In general, I work in theoretical evolutionary ecology. In particular, I'm investigating the sources and consequences of spatial heterogeneity.
Even though my training is in pure mathematics, I was a postdoctoral research associate in the Webb lab and with PRIMES, the program for
interdisciplinary mathematics, ecology and statistics. This article in
Nature says a tiny bit about how I came to be there.
Simulations
My work makes approximately equal use of pure mathematics and computer
simulations, all informed by ecology. You can get a very good idea of
what I'm doing by looking at these
simulations yourself. Caveat: If your web browser isn't
Java-enabled, this won't be much fun.
Recent studies have increasingly turned to graph theory to model more realistic contact structures that characterize disease spread. Because of the computational demands of these methods, many researchers have sought to use measures of network structure to modify analytically tractable differential equation models. Several of these studies have focused on the degree distribution of the contact network as the basis for their modifications. We show that although degree distribution is sufficient to predict disease behaviour on very sparse or very dense human contact networks, for intermediate density networks we must include information on clustering and path length to accurately predict disease behaviour. Using these three metrics, we were able to explain more than 98 per cent of the variation in endemic disease levels in our stochastic simulations.

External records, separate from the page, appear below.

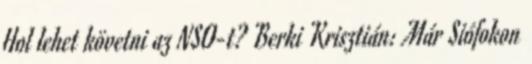
Hol lehet követni az NSO-t? Berki Krisztián: Már Siófokon
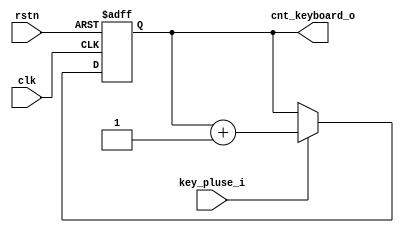
module CounterKeyboard(
    input           clk,
    input           rstn,
    input           key_pluse_i,
    output   [3:0]  cnt_keyboard_o
);

reg [3:0] cnt_keyboard_reg;
wire [3:0] cnt_keyboard_nxt = cnt_keyboard_reg + 1'b1;

always @ (posedge clk or negedge rstn) begin
    if (~rstn) cnt_keyboard_reg <= 4'b0;
    else if (key_pluse_i) cnt_keyboard_reg <= cnt_keyboard_nxt;
end

assign cnt_keyboard_o = cnt_keyboard_reg;

endmodule
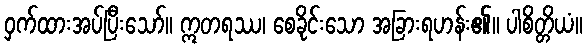
ဝှက်ထားအပ်ပြီးသော်။ ဣတရဿ၊ စေခိုင်းသော အခြားရဟန်း၏။ ပါစိတ္တိယံ။
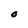
Character: O
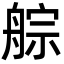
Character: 䑸
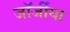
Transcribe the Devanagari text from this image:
जॉर्जीया
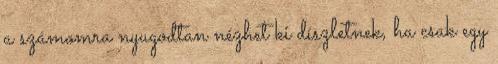
a számomra nyugodtan nézhet ki díszletnek, ha csak egy
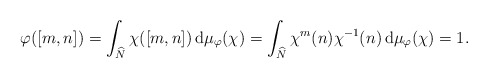
\begin{align*} \varphi([m,n])= \int_{\widehat{N}}\chi([m,n])\, \mathrm{d}\mu_\varphi(\chi)=\int_{\widehat{N}}\chi^m(n)\chi^{-1}(n)\, \mathrm{d}\mu_\varphi(\chi)=1.\end{align*}
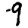
Digit: 9
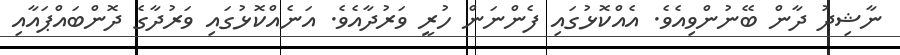
ނާޝިދު ދާން ބޭނުންވިއެވެ. އެއްކޮޅުގައި ފެންނަން ހުރީ ވަރުދާއެވެ. އަނެއްކޮޅުގައި ވަރުދާގެ ދޮންބައްޕައާއި
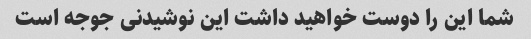
شما این را دوست خواهید داشت این نوشیدنی جوجه است
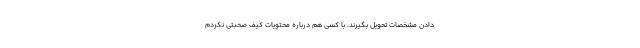
دادن مشخصات تحویل بگیرند. با کسی هم درباره محتویات کیف صحبتی نکردم
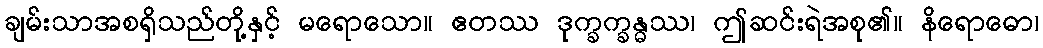
ချမ်းသာအစရှိသည်တို့နှင့် မရောသော။ ဧတဿ ဒုက္ခက္ခန္ဓဿ၊ ဤဆင်းရဲအစု၏။ နိရောဓော၊
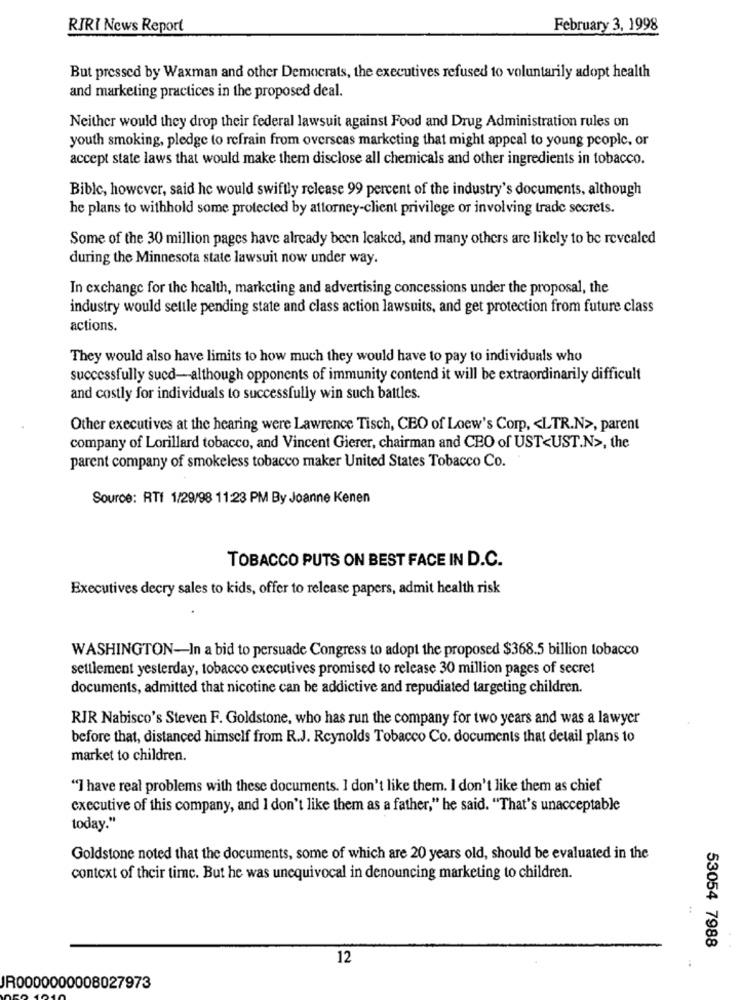
RIRI News Report
February 3, 1998
But pressed by Waxman and other Democrats, the executives refused to voluntarily adopt health
and marketing practices in the proposed deal.
Neither would they drop their federal lawsuit against Food and Drug Administration rules on
youth smoking, pledge to refrain from overseas marketing that might appeal to young people, or
accept state laws that would make them disclose all chemicals and other ingredients in tobacco.
Bible, however, said he would swiftly release 99 percent of the industry's documents, although
he plans to withhold some protected by attorney-client privilege or involving trade secrets.
Some of the 30 million pages have already been leaked, and many others are likely to be revealed
during the Minnesota state lawsuit now under way.
In exchange for the health, marketing and advertising concessions under the proposal, the
industry would settle pending state and class action lawsuits, and get protection from future class
actions.
They would also have limits to how much they would have to pay to individuals who
successfully sucd-although opponents of immunity contend it will be extraordinarily difficult
and costly for individuals to successfully win such battles.
Other executives at the hearing were Lawrence Tisch, CEO of Loew's Corp, < LTR.N>, parent
company of Lorillard tobacco, and Vincent Gierer, chairman and CEO of UST<UST.N>, the
parent company of smokeless tobacco maker United States Tobacco Co.
Source: RTI 1/29/98 11:23 PM By Joanne Kenen
TOBACCO PUTS ON BEST FACE IN D.C.
Executives decry sales to kids, offer to release papers, admit health risk
WASHINGTON-In a bid to persuade Congress to adopt the proposed $368.5 billion tobacco
settlement yesterday, tobacco executives promised to release 30 million pages of secret
documents, admitted that nicotine can be addictive and repudiated targeting children.
RJR Nabisco's Steven F. Goldstone, who has run the company for two years and was a lawyer
before that, distanced himself from R.J. Reynolds Tobacco Co. documents that detail plans to
market to children.
"I have real problems with these documents. I don't like them. I don't like them as chief
executive of this company, and I don't like them as a father," he said. "That's unacceptable
today."
Goldstone noted that the documents, some of which are 20 years old, should be evaluated in the
context of their time. But he was unequivocal in denouncing marketing to children.
53054 7988
12
JR0000000008027973
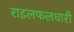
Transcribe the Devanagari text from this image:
राइलफलधारी
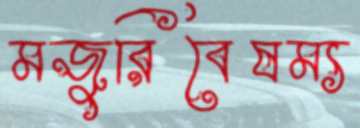
মজুরিবৈষম্য
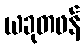
ယခုတဖန်
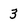
Character: 3
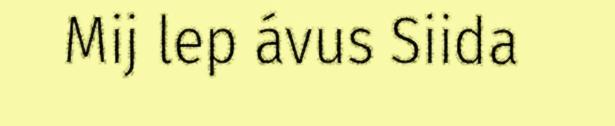
Mij lep ávus Siida
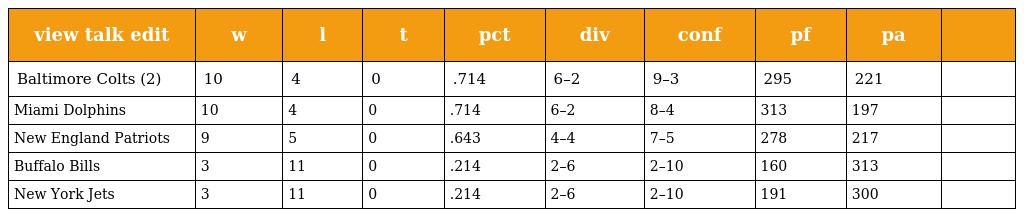
| view talk edit | w | l | t | pct | div | conf | pf | pa |  |
 | --- | --- | --- | --- | --- | --- | --- | --- | --- | --- |
 | Baltimore Colts (2) | 10 | 4 | 0 | .714 | 6–2 | 9–3 | 295 | 221 |  |
 | Miami Dolphins | 10 | 4 | 0 | .714 | 6–2 | 8–4 | 313 | 197 |  |
 | New England Patriots | 9 | 5 | 0 | .643 | 4–4 | 7–5 | 278 | 217 |  |
 | Buffalo Bills | 3 | 11 | 0 | .214 | 2–6 | 2–10 | 160 | 313 |  |
 | New York Jets | 3 | 11 | 0 | .214 | 2–6 | 2–10 | 191 | 300 |  |
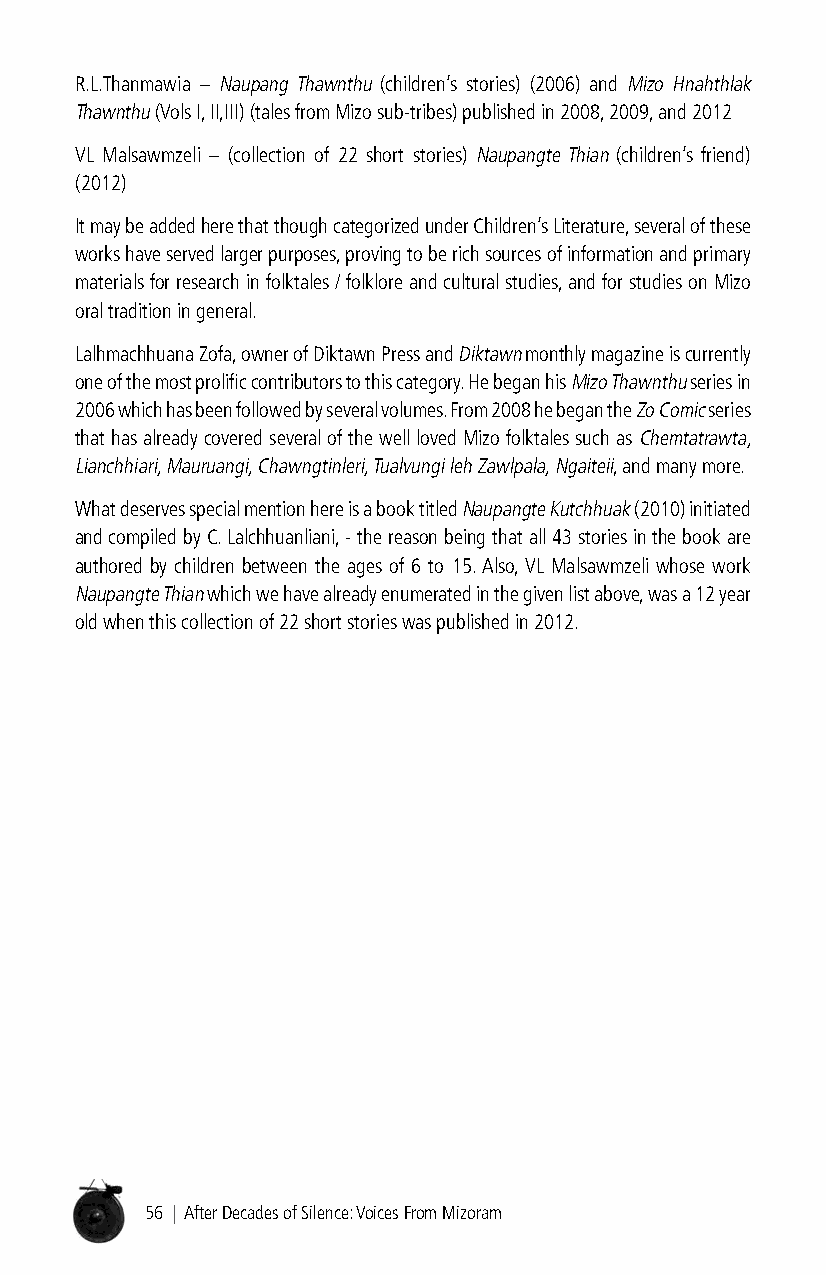
R.L.Thanmawia – Naupang Thawnthu (children’s stories) (2006) and Mizo Hnahthlak
 Thawnthu (Vols I, II,III) (tales from Mizo sub-tribes) published in 2008, 2009, and 2012
 VL Malsawmzeli – (collection of 22 short stories) Naupangte Thian (children’s friend)
 (2012)
 It may be added here that though categorized under Children’s Literature, several of these
 works have served larger purposes, proving to be rich sources of information and primary
 materials for research in folktales / folklore and cultural studies, and for studies on Mizo
 oral tradition in general.
 Lalhmachhuana Zofa, owner of Diktawn Press and Diktawn monthly magazine is currently
 one of the most prolific contributors to this category. He began his Mizo Thawnthu series in
 2006 which has been followed by several volumes. From 2008 he began the Zo Comic series
 that has already covered several of the well loved Mizo folktales such as Chemtatrawta,
 Lianchhiari, Mauruangi, Chawngtinleri, Tualvungi leh Zawlpala, Ngaiteii, and many more.
 What deserves special mention here is a book titled Naupangte Kutchhuak (2010) initiated
 and compiled by C. Lalchhuanliani, - the reason being that all 43 stories in the book are
 authored by children between the ages of 6 to 15. Also, VL Malsawmzeli whose work
 Naupangte Thian which we have already enumerated in the given list above, was a 12 year
 old when this collection of 22 short stories was published in 2012.
 56 | After Decades of Silence: Voices From Mizoram
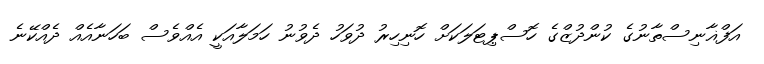
އަފްޣާނިސްތާނުގެ ކުންދުޒްގެ ހޮސްޕިޓަލަކަށް ހޮނިހިރު ދުވަހު ދެވުނު ހަމަލާއަކީ އެއްވެސް ބަހަނާއެއް ދެއްކޭނެ
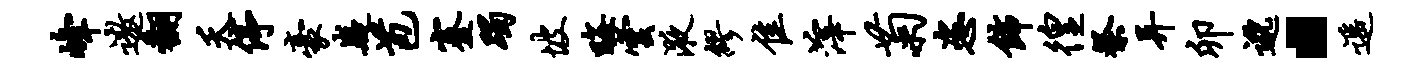
峰遨翻夭停豪嶷苞蹇躅坡晦云液缪隹滓菊恣饰徨祭异卯邈·遥
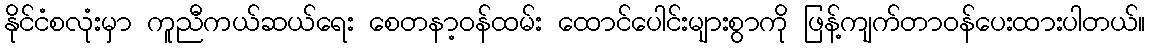
နိုင်ငံစလုံးမှာ ကူညီကယ်ဆယ်ရေး စေတနာ့ဝန်ထမ်း ထောင်ပေါင်းများစွာကို ဖြန့်ကျက်တာဝန်ပေးထားပါတယ်။
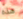
هذه
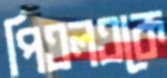
পিএলএকে

(Greg Ames, Dylan George, Christian Hampson, Andrew Kanarek, Cayla McBee, Dale Lockwood, Jeff Achter, and Colleen Webb, Proceedings of the Royal Society B, 278(1724), 3544-3550, 7 December 2011.)
How does selection mediated by a spatially spreading disturbance affect individual-level dispersal and population-level spatial structure? We investigate this question with a birth-death process on a lattice on which a spatially spreading disturbanvce is imposed. We consider three different scenarios affecting whether an individual recovers from disturbance, corresponding to different trade-offs between short- and long-distance dispersal. In addition to computer simulation, we use a pair approximation to conduct an invasion analysis of different dispersal strategies. Of the trade-offs we examined, only a context-sensitive recovery, in which an individual's survival probability is enhanced by the presence of weaker neighbors, results in a mixed dispersal strategy. (With Colleen Webb. Evolutionary Ecology Research, 8(8), December 2006, 1377-1392.)
We consider a spatially-explicit birth death process in which organisms can reproduce using local dispersal, long-distance dispersal, or a mixed strategy. We approximate the system with a pair of equations which, empirically, does an excellent job of capturing the dynamics of the system. We use this approximation to view spatial aggregation through the lens of percolation theory. In doing so, we correct a pervasive mistake in the literature. (With Colleen Webb. Theoretical Population Biology, 69(2), March 2006, 155-164.)
This isn't, strictly speaking, a paper about biology; but my interest in complex networks is grounded in biology.
For a given natural number N, Corso constructs a graph with vertices {2,...,N}. He analyzes this family of graphs with computer calculations; I get exact answers using number theory. (Physical Review E, 70(5), 2004.)